Strictly speaking, this role was missing the ML side of DS. So at the same time, I was still actively exploring Kaggle competitions and reading other Kagglers’ scripts. (You should keep track of your long term goal. I knew my role in StarHub lacks the ML aspects which is why I actively kept up my ML knowledge. My Kaggle projects were a big topic during my interviews at DBS.)
5. DBS (2016 - 2018)
After 1.5 years at StarHub, I landed an opportunity for a data scientist role at DBS Bank. I would be in charge of supporting regional consumer banking group for the bank especially for Singapore, Hong Kong, Taiwan and China. Seeing that it is an ML role with greater responsibility, I took up the job immediately.
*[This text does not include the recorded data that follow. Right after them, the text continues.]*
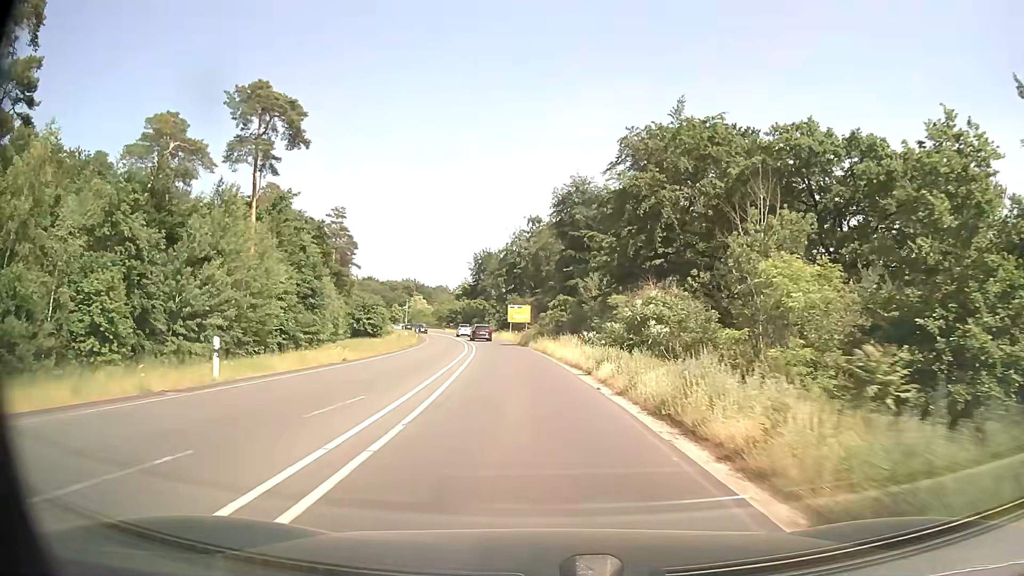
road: secondary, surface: asphalt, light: Day
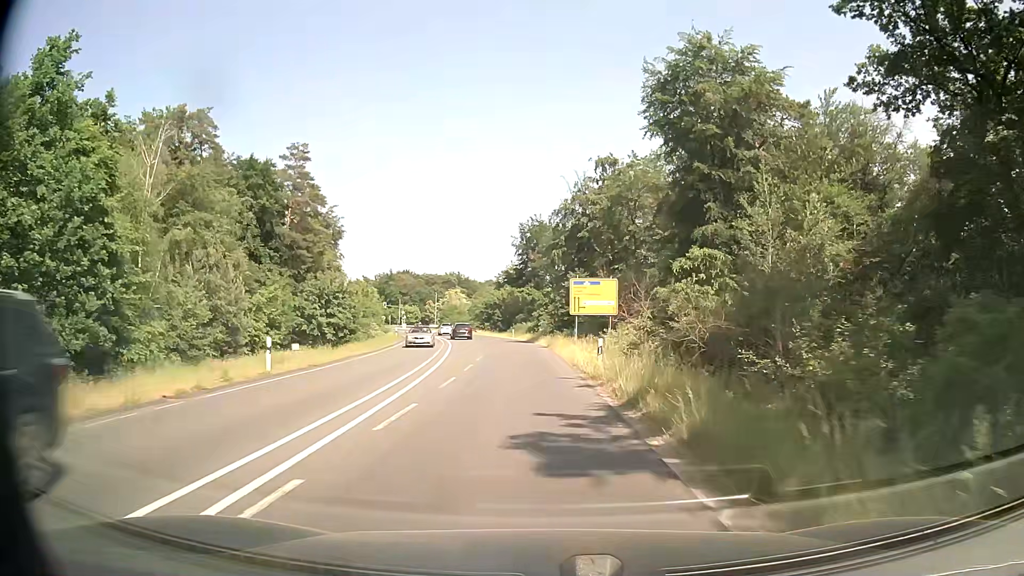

It was at DBS Bank where I immensely honed my skills in practical ML. I was involved in the whole end to end process of every DS project and here are some main steps:
- It always starts with Business: Understanding business requirements need active listening and open discussions with all parties. That is only half of the job. The other half is to for you to frame the business problem into a DS problem. What is the event definition or target variable? What are the success factors for this model to work, for business to want to use it? What are the timeline and major milestones?
- Exploratory Data Analysis (EDA): Pulling data from respective databases (e.g. Hive, Teradata, SAS database). Exploration of datasets and its relationship with the target variable. Data Cleaning. Preliminary variable selection is also required because there are thousands of variables in the database.
- Model Building: Trying out different models, usually starting with the simpler models (e.g. GBM, RF, Logistics Reg) because they are much easier to explain to business.
- Model Evaluation: Evaluating the results of the models, picking the top few models and share the results with business.
- Present Results: Presenting results, models and variables used to business to convince them.
Practical ML is an iterative process. We meet business users very often and repeat some of these steps all the time. I have omitted a lot of details and steps for brevity. Also, I didn’t have to deploy my own models which is something I need to improve on.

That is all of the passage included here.